- Exercise data -
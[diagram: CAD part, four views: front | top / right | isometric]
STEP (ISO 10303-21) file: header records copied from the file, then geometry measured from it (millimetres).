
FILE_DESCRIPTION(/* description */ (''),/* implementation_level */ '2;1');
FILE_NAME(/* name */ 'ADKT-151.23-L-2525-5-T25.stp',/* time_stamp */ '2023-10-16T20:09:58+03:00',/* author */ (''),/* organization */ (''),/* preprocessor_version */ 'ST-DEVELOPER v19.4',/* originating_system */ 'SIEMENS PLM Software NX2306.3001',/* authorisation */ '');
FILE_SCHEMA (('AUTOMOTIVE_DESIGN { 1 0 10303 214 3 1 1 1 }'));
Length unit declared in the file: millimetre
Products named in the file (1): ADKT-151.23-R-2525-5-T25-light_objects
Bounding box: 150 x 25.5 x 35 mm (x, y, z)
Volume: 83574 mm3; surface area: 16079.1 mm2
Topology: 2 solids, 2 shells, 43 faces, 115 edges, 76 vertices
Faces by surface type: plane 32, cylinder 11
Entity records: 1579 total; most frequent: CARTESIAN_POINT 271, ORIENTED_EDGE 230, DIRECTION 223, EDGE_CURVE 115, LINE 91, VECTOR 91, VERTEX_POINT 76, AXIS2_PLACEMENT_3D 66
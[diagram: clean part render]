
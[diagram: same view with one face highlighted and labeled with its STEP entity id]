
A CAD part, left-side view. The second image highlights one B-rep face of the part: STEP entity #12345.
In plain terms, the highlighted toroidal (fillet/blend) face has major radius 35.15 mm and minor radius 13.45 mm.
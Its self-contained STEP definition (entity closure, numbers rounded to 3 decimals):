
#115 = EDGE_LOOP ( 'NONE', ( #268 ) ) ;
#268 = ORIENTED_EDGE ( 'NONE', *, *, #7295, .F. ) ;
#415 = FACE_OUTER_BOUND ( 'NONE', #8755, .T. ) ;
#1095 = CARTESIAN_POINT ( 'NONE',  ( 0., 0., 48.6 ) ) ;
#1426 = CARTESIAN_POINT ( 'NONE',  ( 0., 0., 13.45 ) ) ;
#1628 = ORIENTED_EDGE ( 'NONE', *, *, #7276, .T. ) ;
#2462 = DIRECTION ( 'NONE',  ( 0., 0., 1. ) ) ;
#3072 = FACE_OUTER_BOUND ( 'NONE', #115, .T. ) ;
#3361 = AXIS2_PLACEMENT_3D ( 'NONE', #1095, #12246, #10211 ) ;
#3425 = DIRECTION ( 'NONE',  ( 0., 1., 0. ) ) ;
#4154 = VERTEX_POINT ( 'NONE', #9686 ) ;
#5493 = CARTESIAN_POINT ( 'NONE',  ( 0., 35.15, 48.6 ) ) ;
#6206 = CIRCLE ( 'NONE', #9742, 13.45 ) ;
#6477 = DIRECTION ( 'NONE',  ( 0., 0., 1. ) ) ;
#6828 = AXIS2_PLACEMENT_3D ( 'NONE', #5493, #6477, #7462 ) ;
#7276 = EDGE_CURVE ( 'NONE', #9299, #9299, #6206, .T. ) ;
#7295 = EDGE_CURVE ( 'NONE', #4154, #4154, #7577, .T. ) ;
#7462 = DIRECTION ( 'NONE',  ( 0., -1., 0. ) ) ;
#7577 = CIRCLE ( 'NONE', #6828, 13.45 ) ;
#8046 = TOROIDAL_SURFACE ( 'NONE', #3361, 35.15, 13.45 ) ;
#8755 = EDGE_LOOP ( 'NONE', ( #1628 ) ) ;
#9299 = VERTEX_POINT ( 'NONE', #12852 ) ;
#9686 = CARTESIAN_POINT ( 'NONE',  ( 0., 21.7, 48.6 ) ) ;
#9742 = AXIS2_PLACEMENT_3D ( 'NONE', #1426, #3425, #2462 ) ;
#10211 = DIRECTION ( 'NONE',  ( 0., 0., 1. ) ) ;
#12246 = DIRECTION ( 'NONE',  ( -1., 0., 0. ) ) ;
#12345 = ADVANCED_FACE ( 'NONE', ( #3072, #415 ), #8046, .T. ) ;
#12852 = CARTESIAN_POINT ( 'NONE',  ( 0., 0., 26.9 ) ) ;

- Task to carry out -
Where in the listing does the string "STEP" appear? Copy every line that has it.

- Answer to this exercise -
STEP (ISO 10303-21) file: header records copied from the file, then geometry measured from it (millimetres).
[diagram: same view with one face highlighted and labeled with its STEP entity id]
A CAD part, left-side view. The second image highlights one B-rep face of the part: STEP entity #12345.
Its self-contained STEP definition (entity closure, numbers rounded to 3 decimals):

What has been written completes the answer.